А между тем в Америке мирно работал биохимик по имени Джеймс Батчеллор Самнер, занимаясь изучением растения под названием «карна-валия мечевидная». Из этого растения ученый извлек вытяжку, которая катализировала распад мочевины на аммиак и углекислоту. По общепринятым правилам, новооткрытый фермент получил название «уреаза». Дальше Самнер выделил из уреазы маленькие кристаллики, раствор которых в чистой воде, как обнаружил химик, к своему удивлению, оказывал то же действие, что и сама уреаза.

Как ни старался Самнер в дальнейшем добиться действия вытяжки в отсутствие кристаллов, этого сделать не удалось. Разрушались кристаллы — прекращалось и действие, и в конце концов Самнер решил, что в кристаллической форме ему удалось выявить сам фермент. А поскольку результаты всех тестов свидетельствовали о том, что кристаллы состоят из белкового вещества, то пришлось признать, что как минимум один конкретный фермент — уреаза — все же является белком.

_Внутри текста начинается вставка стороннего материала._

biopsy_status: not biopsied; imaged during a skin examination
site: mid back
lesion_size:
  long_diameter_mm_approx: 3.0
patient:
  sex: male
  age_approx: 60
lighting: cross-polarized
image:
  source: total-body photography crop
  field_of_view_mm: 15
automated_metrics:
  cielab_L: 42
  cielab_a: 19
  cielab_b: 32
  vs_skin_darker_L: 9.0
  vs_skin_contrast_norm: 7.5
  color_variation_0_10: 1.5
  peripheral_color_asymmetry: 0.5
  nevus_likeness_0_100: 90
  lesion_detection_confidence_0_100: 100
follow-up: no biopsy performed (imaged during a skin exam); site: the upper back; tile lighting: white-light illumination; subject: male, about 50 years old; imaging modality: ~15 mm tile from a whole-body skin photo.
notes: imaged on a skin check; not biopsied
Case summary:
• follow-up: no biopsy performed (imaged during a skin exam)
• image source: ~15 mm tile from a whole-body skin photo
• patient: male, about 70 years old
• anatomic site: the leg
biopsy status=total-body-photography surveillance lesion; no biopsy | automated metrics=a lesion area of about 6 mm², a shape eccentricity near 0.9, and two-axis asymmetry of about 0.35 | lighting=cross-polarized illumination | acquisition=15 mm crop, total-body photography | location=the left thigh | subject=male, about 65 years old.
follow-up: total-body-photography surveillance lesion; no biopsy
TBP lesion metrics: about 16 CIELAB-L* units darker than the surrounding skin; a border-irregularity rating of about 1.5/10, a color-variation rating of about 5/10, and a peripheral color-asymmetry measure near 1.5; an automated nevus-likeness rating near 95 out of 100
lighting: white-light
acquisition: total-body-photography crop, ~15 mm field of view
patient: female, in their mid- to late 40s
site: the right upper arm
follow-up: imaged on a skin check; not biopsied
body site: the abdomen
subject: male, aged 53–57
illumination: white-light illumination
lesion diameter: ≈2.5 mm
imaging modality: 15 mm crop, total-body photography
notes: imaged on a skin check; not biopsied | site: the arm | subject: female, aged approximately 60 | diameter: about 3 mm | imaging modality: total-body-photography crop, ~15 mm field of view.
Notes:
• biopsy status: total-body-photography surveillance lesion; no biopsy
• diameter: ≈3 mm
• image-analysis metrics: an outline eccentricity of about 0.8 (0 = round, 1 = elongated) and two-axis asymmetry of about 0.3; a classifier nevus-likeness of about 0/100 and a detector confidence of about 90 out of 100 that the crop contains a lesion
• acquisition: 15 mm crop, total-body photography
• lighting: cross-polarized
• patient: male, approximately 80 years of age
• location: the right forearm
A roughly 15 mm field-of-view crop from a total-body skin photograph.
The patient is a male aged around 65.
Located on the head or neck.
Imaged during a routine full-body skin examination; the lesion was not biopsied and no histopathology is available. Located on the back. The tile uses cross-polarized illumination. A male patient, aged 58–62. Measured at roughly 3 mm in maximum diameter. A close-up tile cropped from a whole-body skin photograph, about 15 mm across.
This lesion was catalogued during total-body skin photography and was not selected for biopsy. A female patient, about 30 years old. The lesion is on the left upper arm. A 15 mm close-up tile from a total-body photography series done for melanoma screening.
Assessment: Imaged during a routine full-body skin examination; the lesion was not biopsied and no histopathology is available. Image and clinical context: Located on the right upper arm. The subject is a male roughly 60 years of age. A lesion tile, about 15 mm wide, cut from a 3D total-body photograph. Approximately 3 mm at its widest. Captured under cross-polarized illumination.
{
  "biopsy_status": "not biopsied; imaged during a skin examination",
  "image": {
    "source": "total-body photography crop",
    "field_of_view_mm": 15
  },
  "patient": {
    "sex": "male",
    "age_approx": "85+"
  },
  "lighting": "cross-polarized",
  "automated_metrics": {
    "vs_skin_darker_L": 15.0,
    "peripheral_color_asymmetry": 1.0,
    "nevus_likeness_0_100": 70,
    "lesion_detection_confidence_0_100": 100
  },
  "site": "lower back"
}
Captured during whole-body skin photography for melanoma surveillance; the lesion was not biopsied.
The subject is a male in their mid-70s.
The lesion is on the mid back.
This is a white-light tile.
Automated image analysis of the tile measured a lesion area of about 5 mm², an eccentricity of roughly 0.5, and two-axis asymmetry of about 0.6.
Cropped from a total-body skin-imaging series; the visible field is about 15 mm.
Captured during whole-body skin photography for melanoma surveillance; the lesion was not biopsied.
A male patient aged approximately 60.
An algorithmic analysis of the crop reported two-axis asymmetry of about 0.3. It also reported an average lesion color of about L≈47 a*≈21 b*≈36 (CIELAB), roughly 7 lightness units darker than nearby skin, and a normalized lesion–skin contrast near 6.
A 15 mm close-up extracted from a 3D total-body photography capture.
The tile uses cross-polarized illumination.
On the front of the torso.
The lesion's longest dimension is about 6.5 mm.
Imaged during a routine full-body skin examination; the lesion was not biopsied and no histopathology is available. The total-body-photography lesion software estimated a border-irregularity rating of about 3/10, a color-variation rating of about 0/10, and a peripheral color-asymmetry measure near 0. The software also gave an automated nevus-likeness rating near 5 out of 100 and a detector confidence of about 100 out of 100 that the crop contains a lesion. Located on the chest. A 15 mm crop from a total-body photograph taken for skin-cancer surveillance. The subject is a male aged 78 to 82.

Авторитет Вильштеттера был так велик, что сперва открытию Самнера особого значения никто не придал. Но в 1930 году еще один американский биохимик, Джон Говард Нортроп, объявил, что ему с коллегами удалось выделить в кристаллической форме еще несколько ферментов, и среди них — пепсин. Тут же последовал ряд аналогичных достижений со стороны других ученых, и всякий раз выделенные кристаллы оказывались белками.

Так теория Вильштеттера рассыпалась под напором фактов, и в 30-х годах XX века навсегда было установлено, что ферменты принадлежат к белкам. Так что сейчас мы смело можем говорить о том, что ферменты — это «белковые катализаторы», или «катализирующие белки».